I kind of wonder if this Ball is related at all to the elusive event advertised in this Jacklin Arts and Cultural Center flyer.

Woo! Hott Choocollate Cannister!

What a fortuitous day! We just happen to be out of hot cocoa mix and look what I found at the Grocery Outlet!! A whole CANNISTER of it! I can barely contain my excitemment. Really. It's barrely conntained. It's being houssed in a cannister. Those hold more excitemment ya know. An 'N' worth. What's an 'N' worth?

Saturday, December 5, 2009

More of a Spec Disaster

Hey Hot Rod Cafe!
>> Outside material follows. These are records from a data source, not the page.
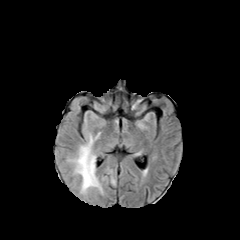
FLAIR magnetic resonance.
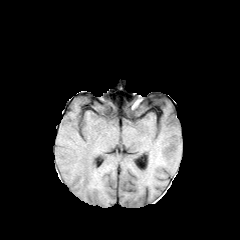
T1-weighted MR image.
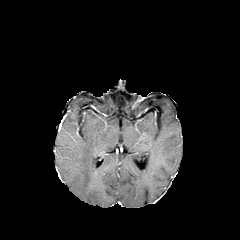
Same slice, post-contrast T1-weighted MR image.
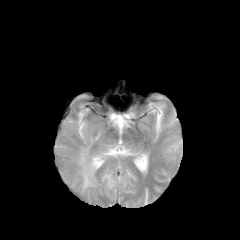
T2-weighted MR image.
edema:
  - {"x1": 102, "y1": 170, "x2": 115, "y2": 185}
  - {"x1": 72, "y1": 134, "x2": 103, "y2": 193}

We love your "What's Happening" flyer that tells us about the daily specials: Margarita Monday, Fat Tuesday, Watermelon Wednesday, etc. but we are confused why the flyer features the designer's spec info - "Hot Rod spec-7 two-up-1 10-14-08". Looks like this version of the flyer was created on October 14, 2008 (my sister's birthday BTW). This version was also the 7th try. The management team at Hot Rod must've liked this one since they had it printed up. I hope they let the designer know and paid said designer accordingly. Although, this could be the designer's doing. After 7 specs, I can understand how the designer would be feeling a bit frustrated so was possibly so thrilled to have the sign-off that they forgot to remove the spec info when it went off to the printer.

Either way, it's not a Spelling Disaster.... but Spec Disaster is close enough!!

Tuesday, December 1, 2009

Delivered To My Doorstep for 90th Post

What more could a blogger ask for than to have the object of their 90th post delivered right to their door!? And hung on the doorknob with a rubberband, too! The tears of joy were nearly streaming down my face. Nearly. They were competing with the Spelling Disaster Shudders I get when these examples of great literary writing are found.

I'm not sure what bugs me most about this door hanger/coupon/ad/flyer/thing. Is it the use of random punctuation? Maybe the miscellaneous tabs? The grammar and spelling goofs? You know, I think it's the whole kit-n-kaboodle! Wonder if Alisha would trade my grahpic desing skills for a couple personal trianer sessions.